◆ Exercise objective
Print the data below verbatim, minus images.

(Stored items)
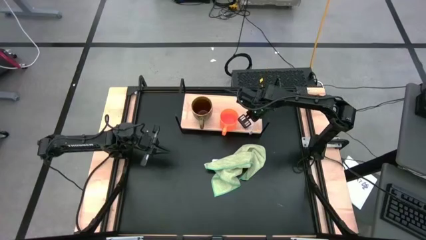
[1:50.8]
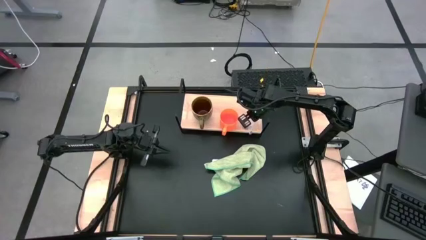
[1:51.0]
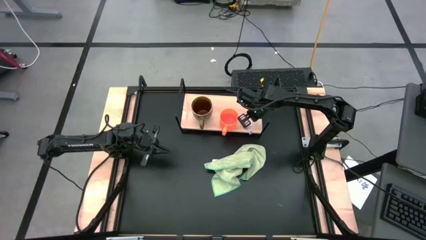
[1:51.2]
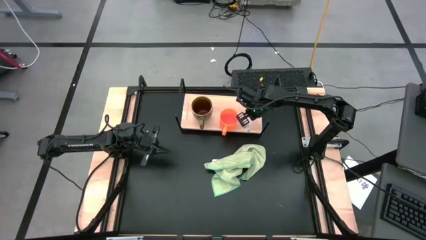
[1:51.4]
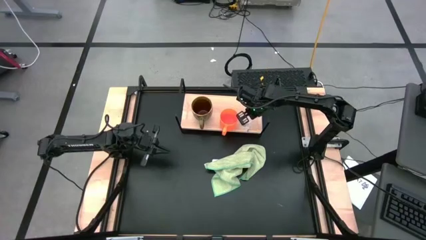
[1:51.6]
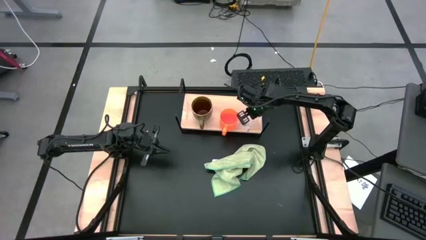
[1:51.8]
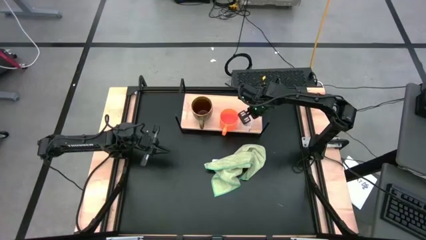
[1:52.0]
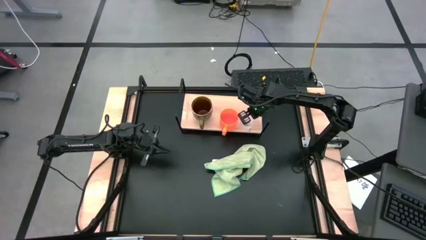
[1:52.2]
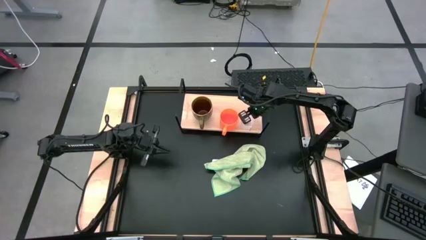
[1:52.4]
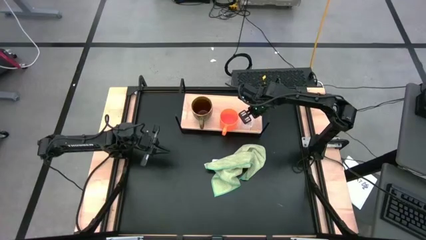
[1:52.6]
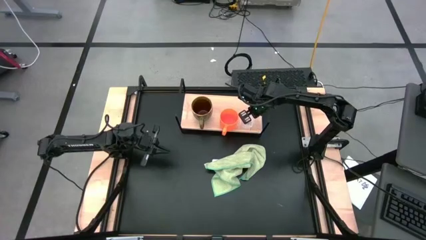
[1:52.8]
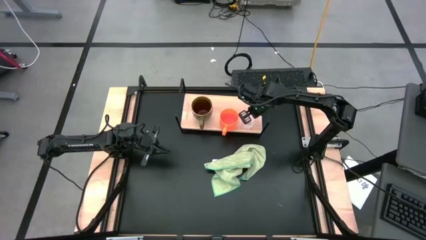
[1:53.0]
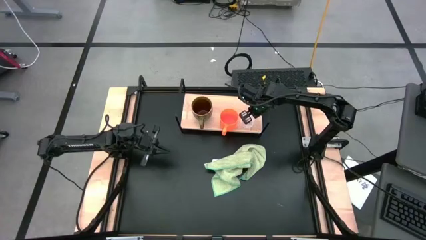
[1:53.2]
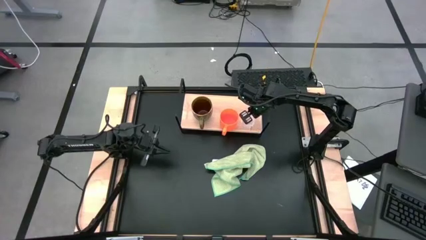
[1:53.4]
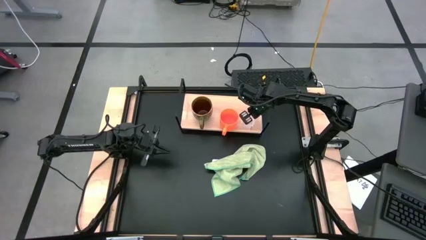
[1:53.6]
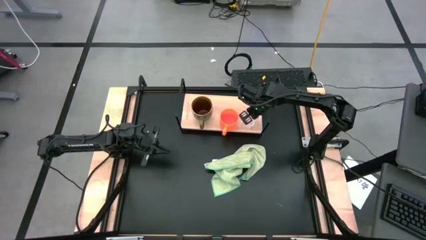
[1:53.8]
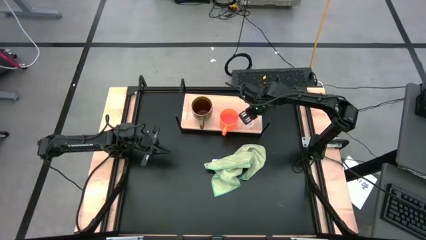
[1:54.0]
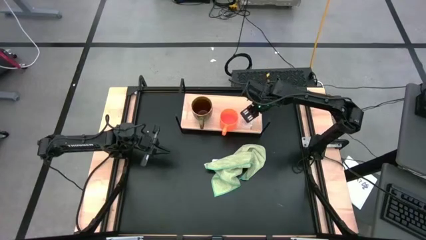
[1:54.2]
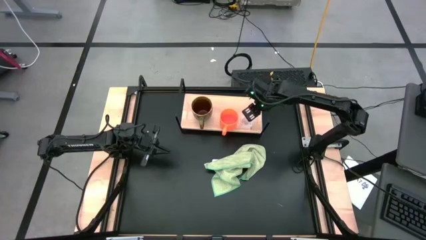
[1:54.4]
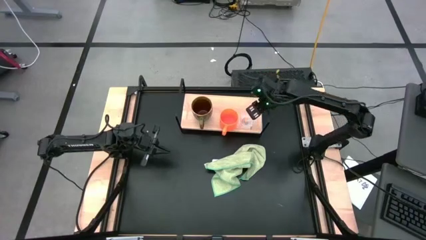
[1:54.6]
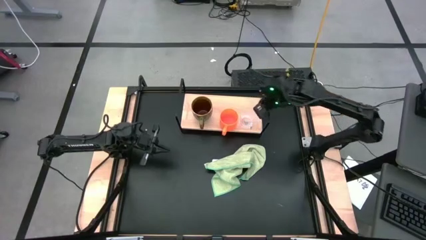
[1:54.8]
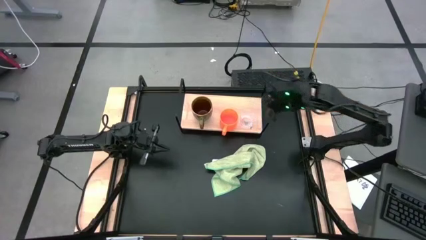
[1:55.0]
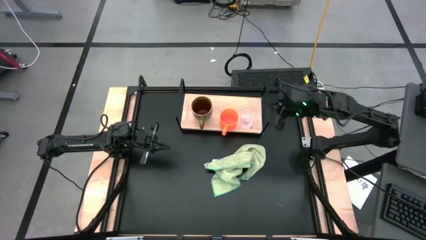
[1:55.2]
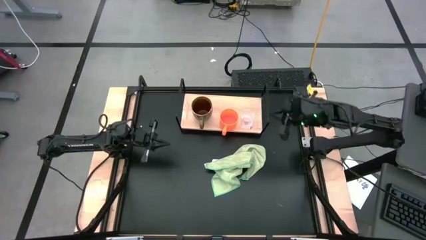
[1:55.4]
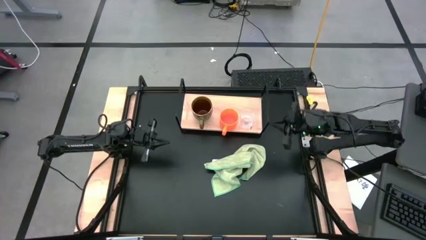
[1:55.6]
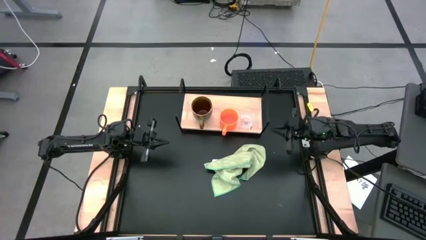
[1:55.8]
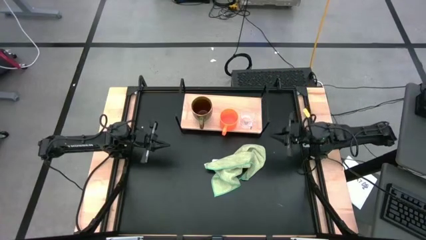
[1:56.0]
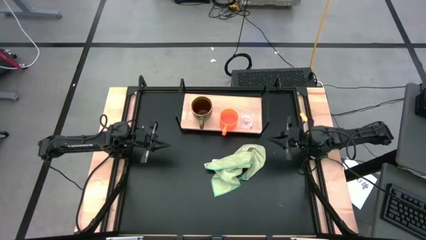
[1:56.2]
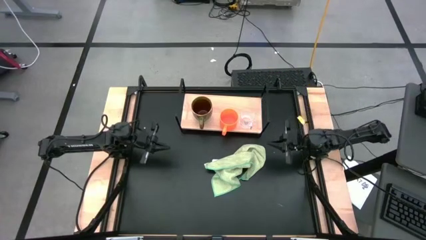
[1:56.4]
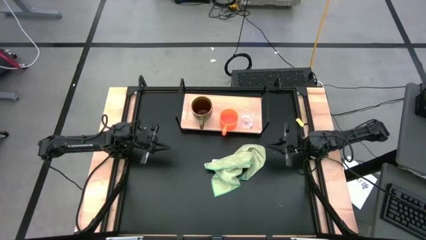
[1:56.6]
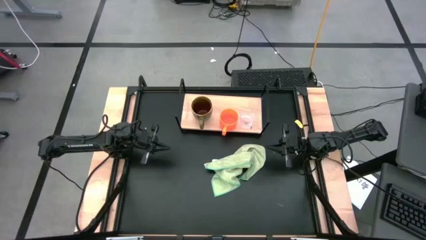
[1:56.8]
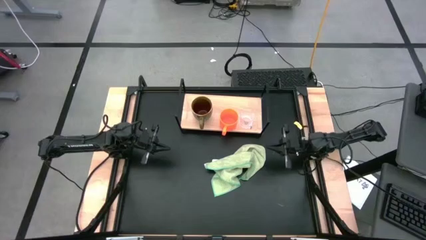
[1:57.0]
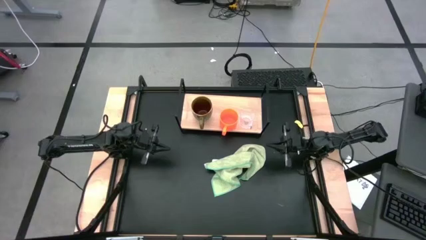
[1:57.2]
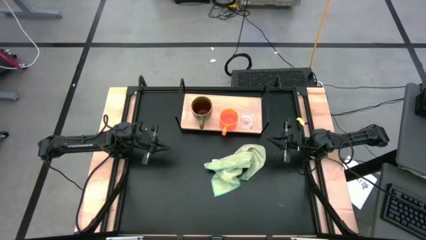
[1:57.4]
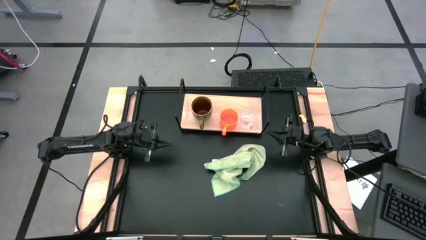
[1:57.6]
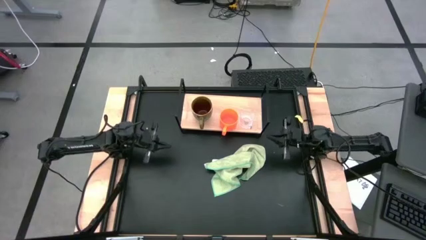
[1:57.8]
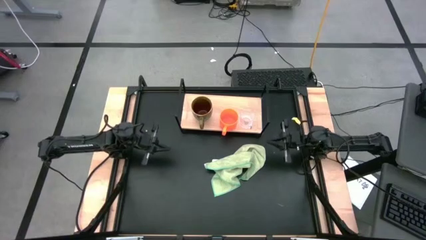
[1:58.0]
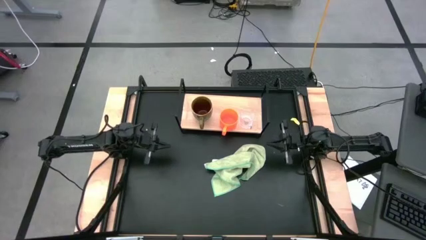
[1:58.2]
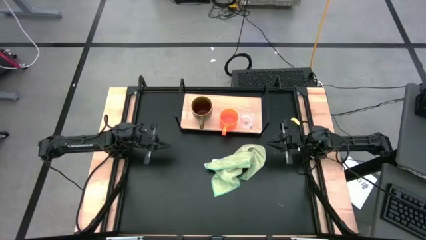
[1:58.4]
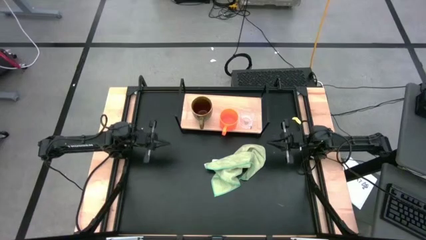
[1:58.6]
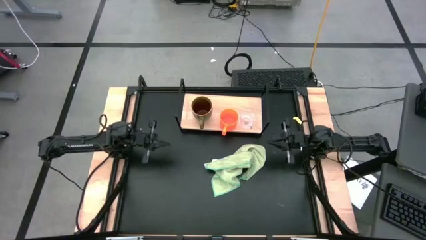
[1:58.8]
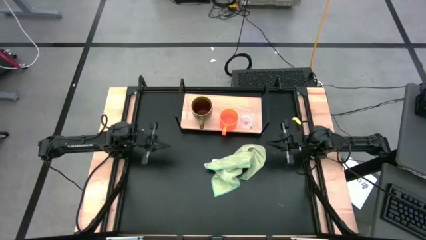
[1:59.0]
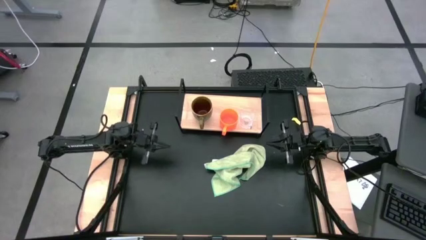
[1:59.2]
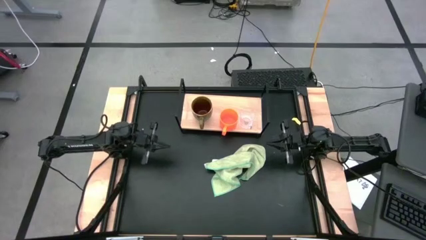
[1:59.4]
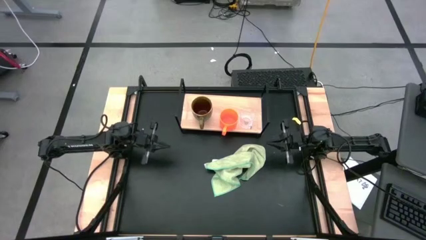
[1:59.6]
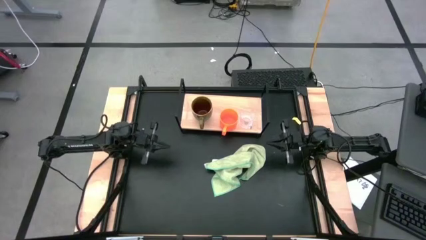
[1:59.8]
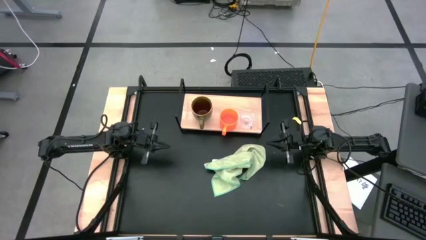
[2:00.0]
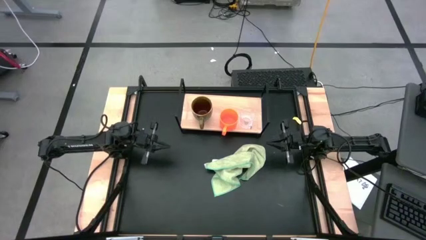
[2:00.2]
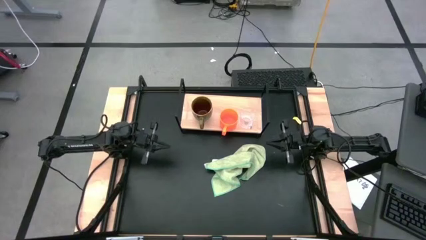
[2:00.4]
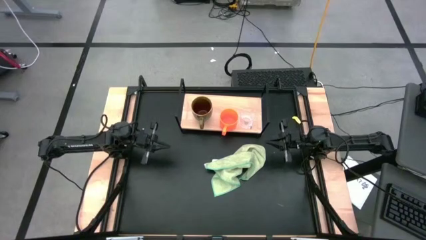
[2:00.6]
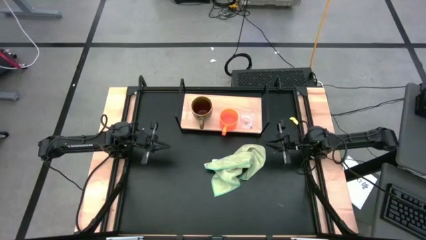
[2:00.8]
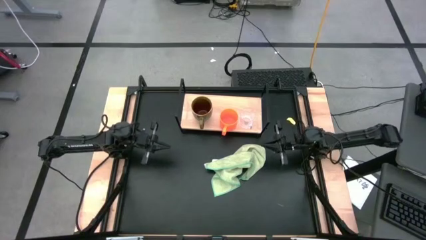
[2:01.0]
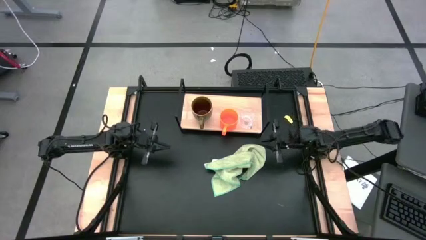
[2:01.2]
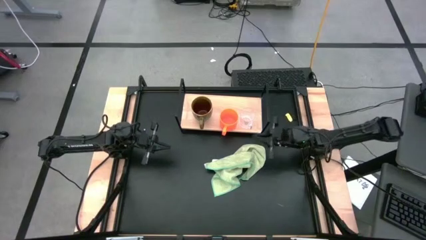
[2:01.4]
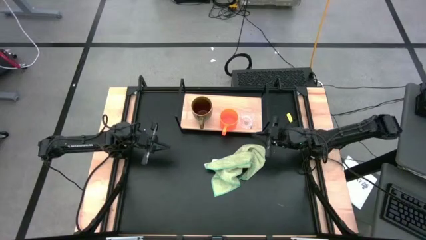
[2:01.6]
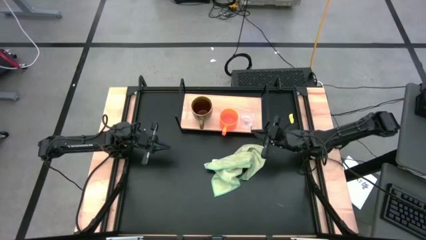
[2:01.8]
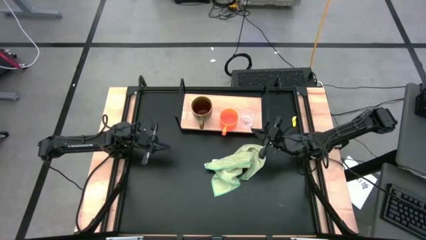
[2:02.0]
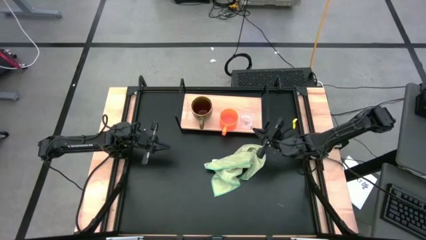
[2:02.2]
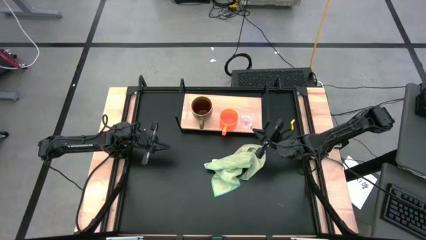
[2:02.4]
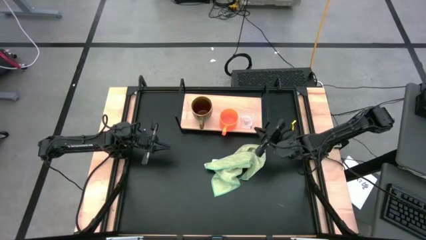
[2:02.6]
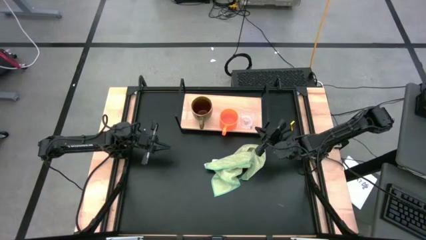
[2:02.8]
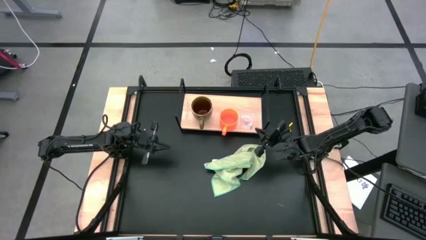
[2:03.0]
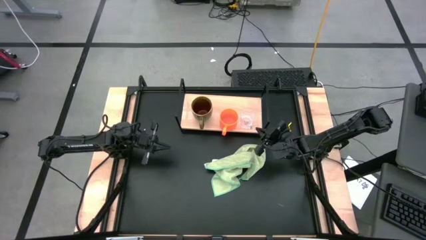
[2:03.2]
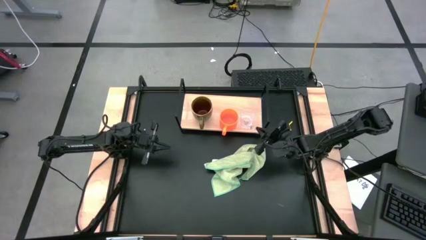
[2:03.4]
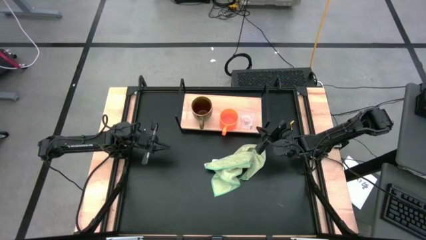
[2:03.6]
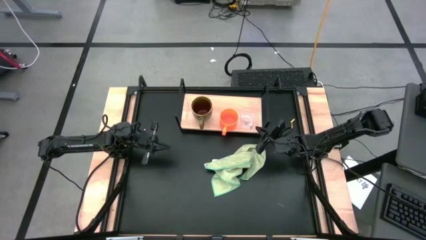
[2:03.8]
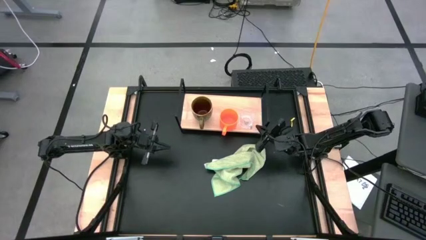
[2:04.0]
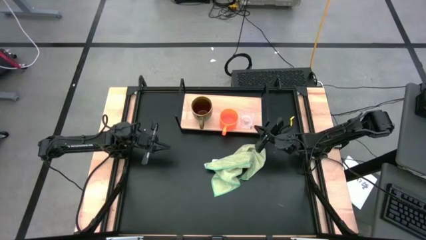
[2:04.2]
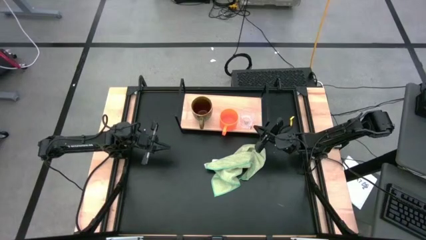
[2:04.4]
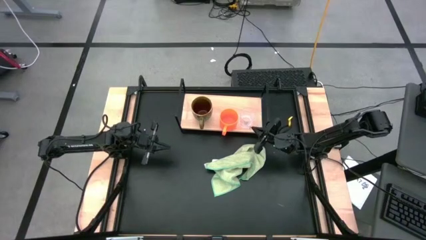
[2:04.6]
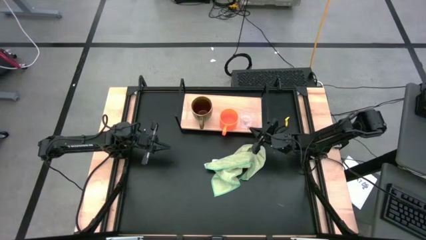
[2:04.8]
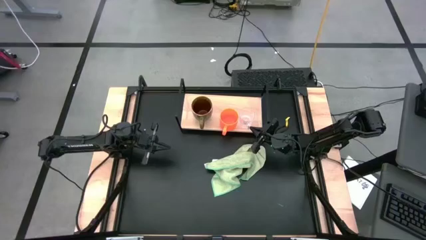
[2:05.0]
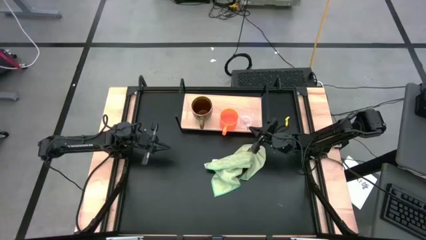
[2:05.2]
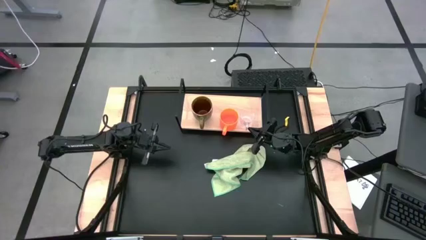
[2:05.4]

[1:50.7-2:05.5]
Task: Stack small to large cups/mugs on shelf
Put the transparent mug on the shelf

◆ Task answer
[1:50.8]
[1:51.0]
[1:51.2]
[1:51.4]
[1:51.6]
[1:51.8]
[1:52.0]
[1:52.2]
[1:52.4]
[1:52.6]
[1:52.8]
[1:53.0]
[1:53.2]
[1:53.4]
[1:53.6]
[1:53.8]
[1:54.0]
[1:54.2]
[1:54.4]
[1:54.6]
[1:54.8]
[1:55.0]
[1:55.2]
[1:55.4]
[1:55.6]
[1:55.8]
[1:56.0]
[1:56.2]
[1:56.4]
[1:56.6]
[1:56.8]
[1:57.0]
[1:57.2]
[1:57.4]
[1:57.6]
[1:57.8]
[1:58.0]
[1:58.2]
[1:58.4]
[1:58.6]
[1:58.8]
[1:59.0]
[1:59.2]
[1:59.4]
[1:59.6]
[1:59.8]
[2:00.0]
[2:00.2]
[2:00.4]
[2:00.6]
[2:00.8]
[2:01.0]
[2:01.2]
[2:01.4]
[2:01.6]
[2:01.8]
[2:02.0]
[2:02.2]
[2:02.4]
[2:02.6]
[2:02.8]
[2:03.0]
[2:03.2]
[2:03.4]
[2:03.6]
[2:03.8]
[2:04.0]
[2:04.2]
[2:04.4]
[2:04.6]
[2:04.8]
[2:05.0]
[2:05.2]
[2:05.4]

[1:50.7-2:05.5]
Task: Stack small to large cups/mugs on shelf
Put the transparent mug on the shelf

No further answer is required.